● **Problem**: Output the entries below unchanged, except for the pictures.

(Stored data)
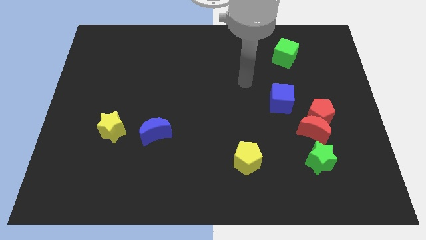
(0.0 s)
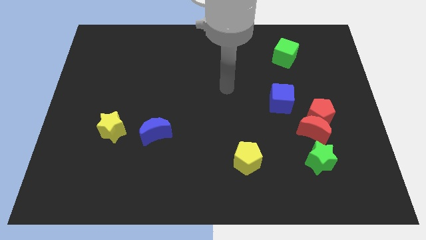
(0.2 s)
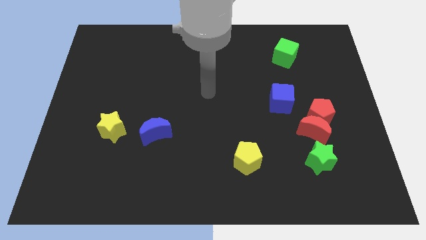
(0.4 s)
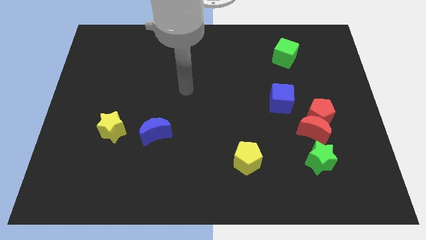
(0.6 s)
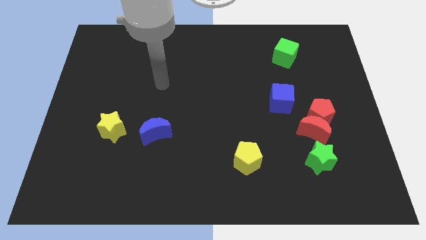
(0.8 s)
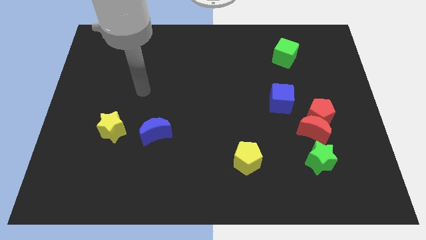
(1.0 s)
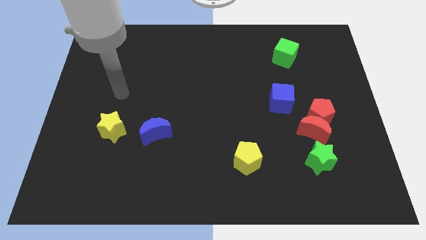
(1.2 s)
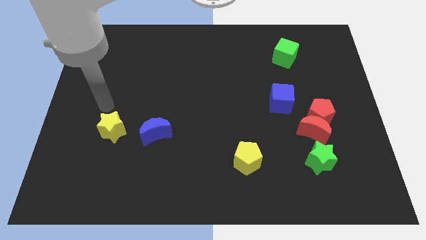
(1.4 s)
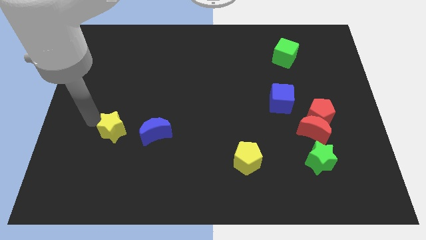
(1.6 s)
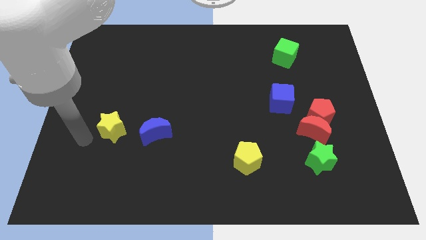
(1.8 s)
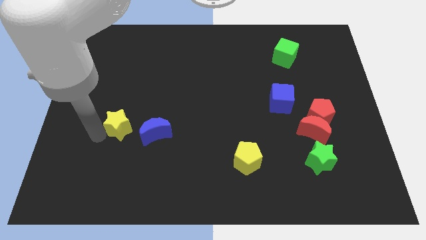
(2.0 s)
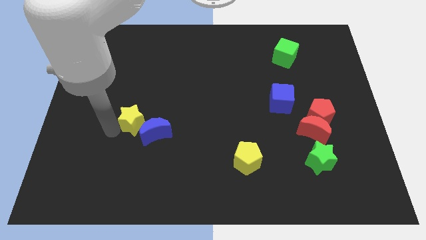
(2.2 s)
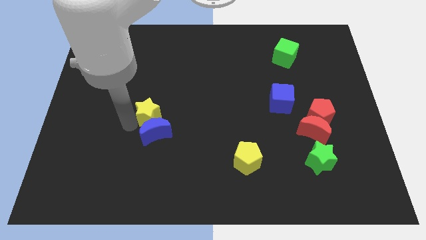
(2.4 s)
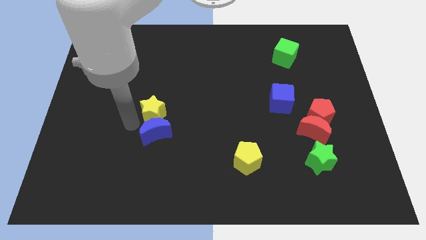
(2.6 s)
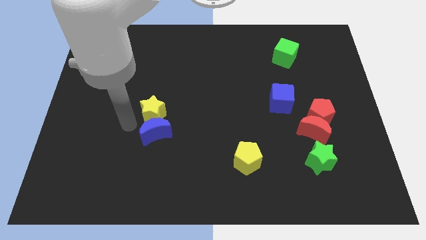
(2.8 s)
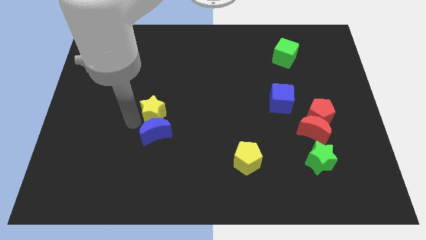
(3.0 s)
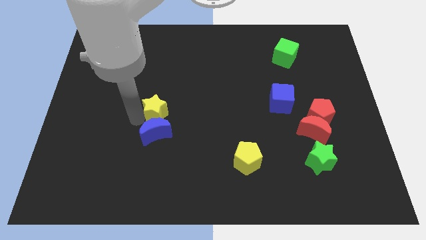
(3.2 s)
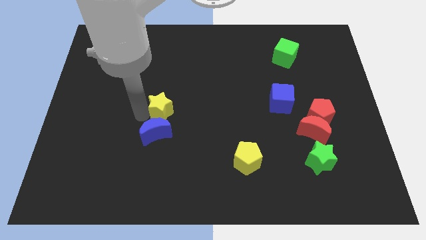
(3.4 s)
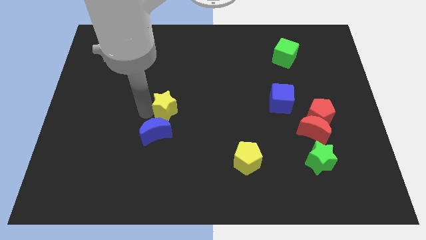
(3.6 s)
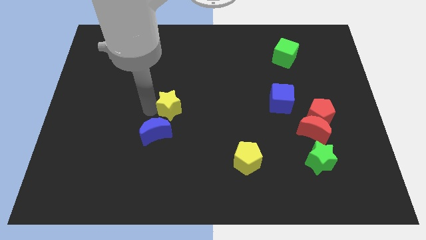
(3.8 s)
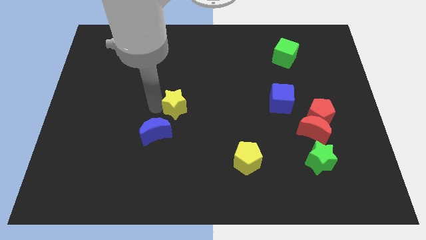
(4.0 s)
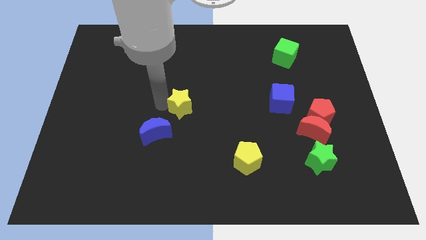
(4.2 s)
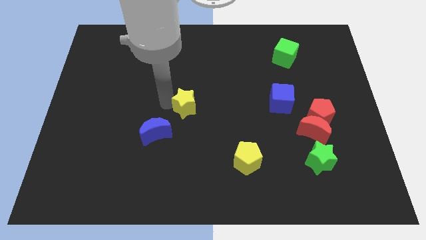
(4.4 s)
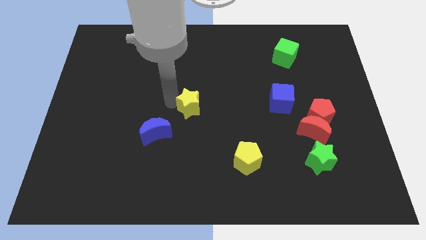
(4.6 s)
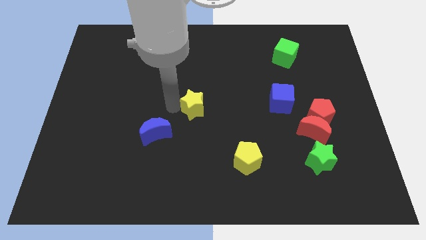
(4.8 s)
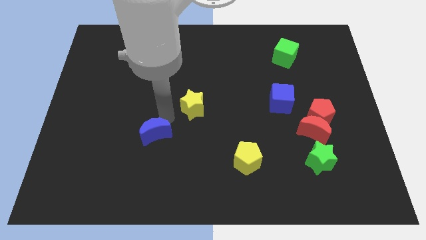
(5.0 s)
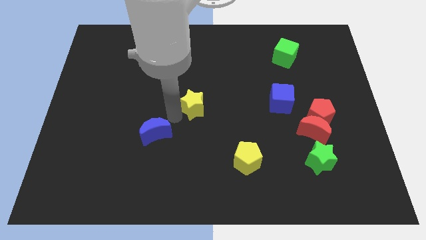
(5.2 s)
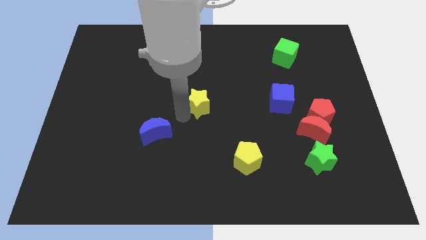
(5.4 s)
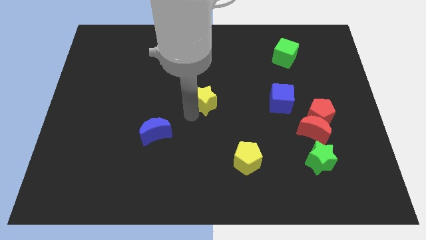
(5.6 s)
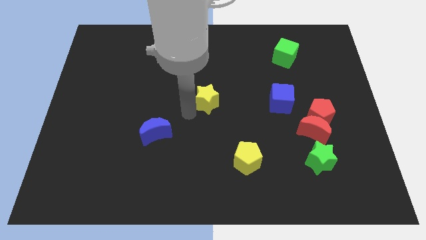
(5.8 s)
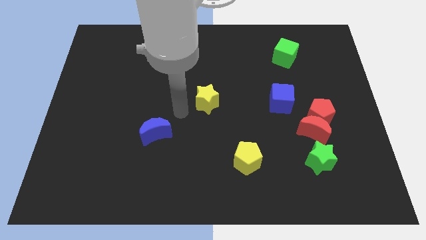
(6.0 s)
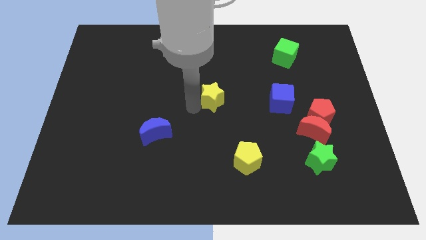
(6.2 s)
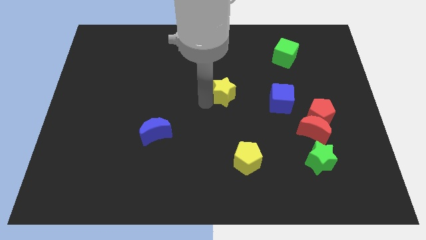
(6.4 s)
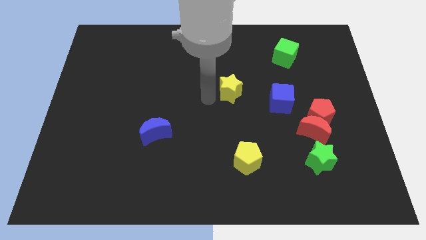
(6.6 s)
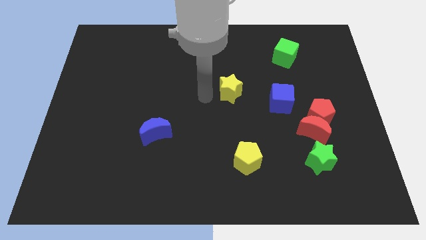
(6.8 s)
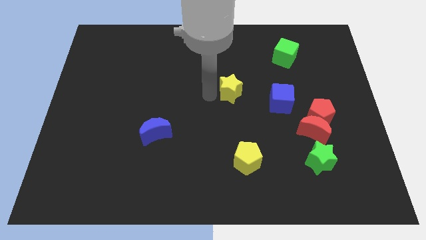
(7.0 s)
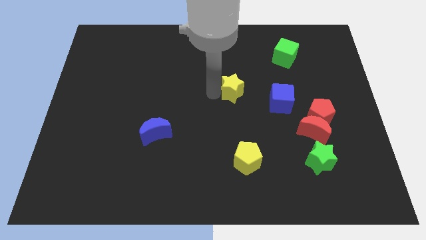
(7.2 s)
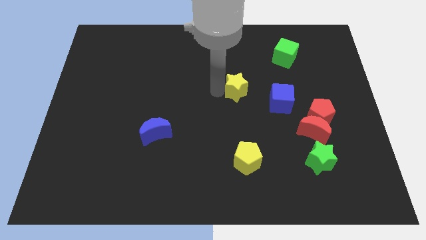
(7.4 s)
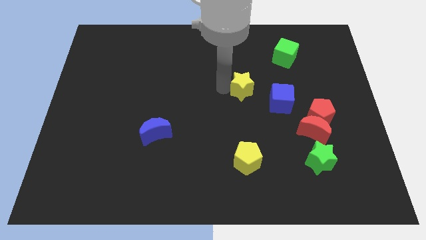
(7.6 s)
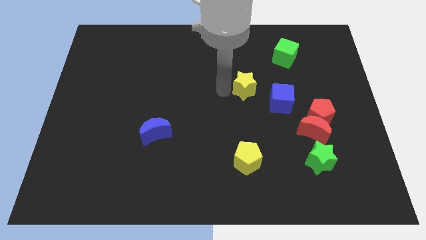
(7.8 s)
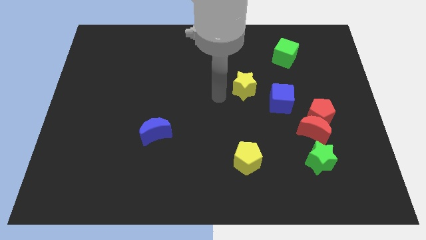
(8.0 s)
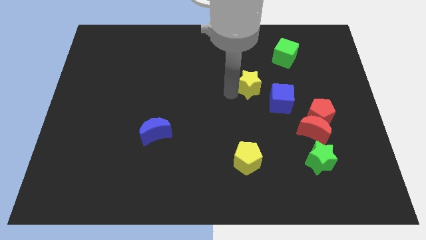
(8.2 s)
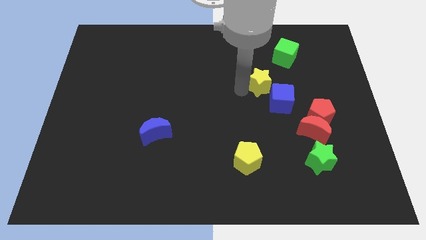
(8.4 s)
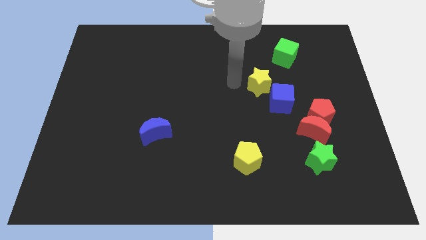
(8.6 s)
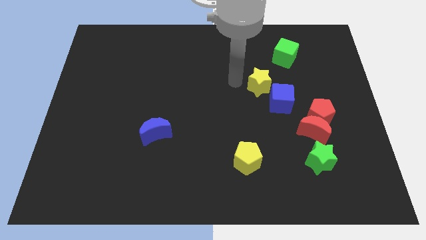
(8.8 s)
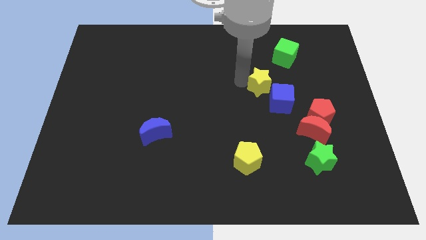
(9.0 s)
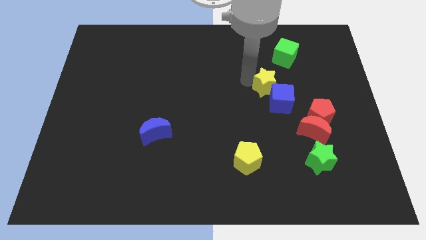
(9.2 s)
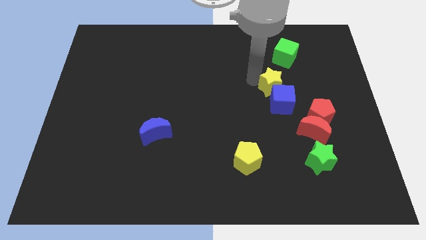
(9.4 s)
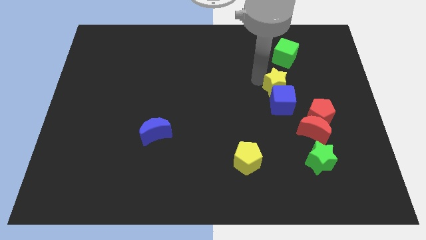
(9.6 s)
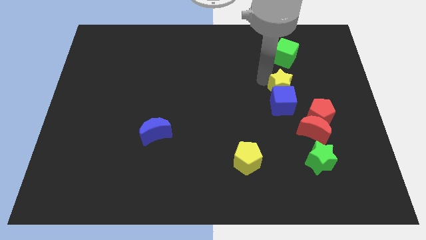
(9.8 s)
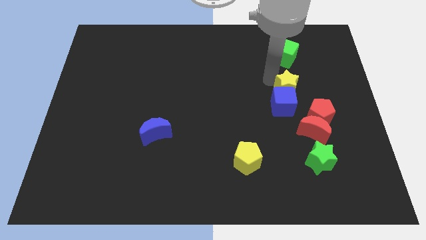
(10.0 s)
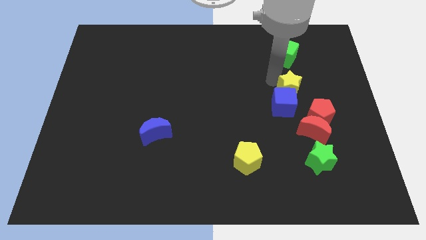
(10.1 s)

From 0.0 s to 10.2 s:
put the yellow star to the top of the red moon

● **Task result**:
(0.0 s)
(0.2 s)
(0.4 s)
(0.6 s)
(0.8 s)
(1.0 s)
(1.2 s)
(1.4 s)
(1.6 s)
(1.8 s)
(2.0 s)
(2.2 s)
(2.4 s)
(2.6 s)
(2.8 s)
(3.0 s)
(3.2 s)
(3.4 s)
(3.6 s)
(3.8 s)
(4.0 s)
(4.2 s)
(4.4 s)
(4.6 s)
(4.8 s)
(5.0 s)
(5.2 s)
(5.4 s)
(5.6 s)
(5.8 s)
(6.0 s)
(6.2 s)
(6.4 s)
(6.6 s)
(6.8 s)
(7.0 s)
(7.2 s)
(7.4 s)
(7.6 s)
(7.8 s)
(8.0 s)
(8.2 s)
(8.4 s)
(8.6 s)
(8.8 s)
(9.0 s)
(9.2 s)
(9.4 s)
(9.6 s)
(9.8 s)
(10.0 s)
(10.1 s)

From 0.0 s to 10.2 s:
put the yellow star to the top of the red moon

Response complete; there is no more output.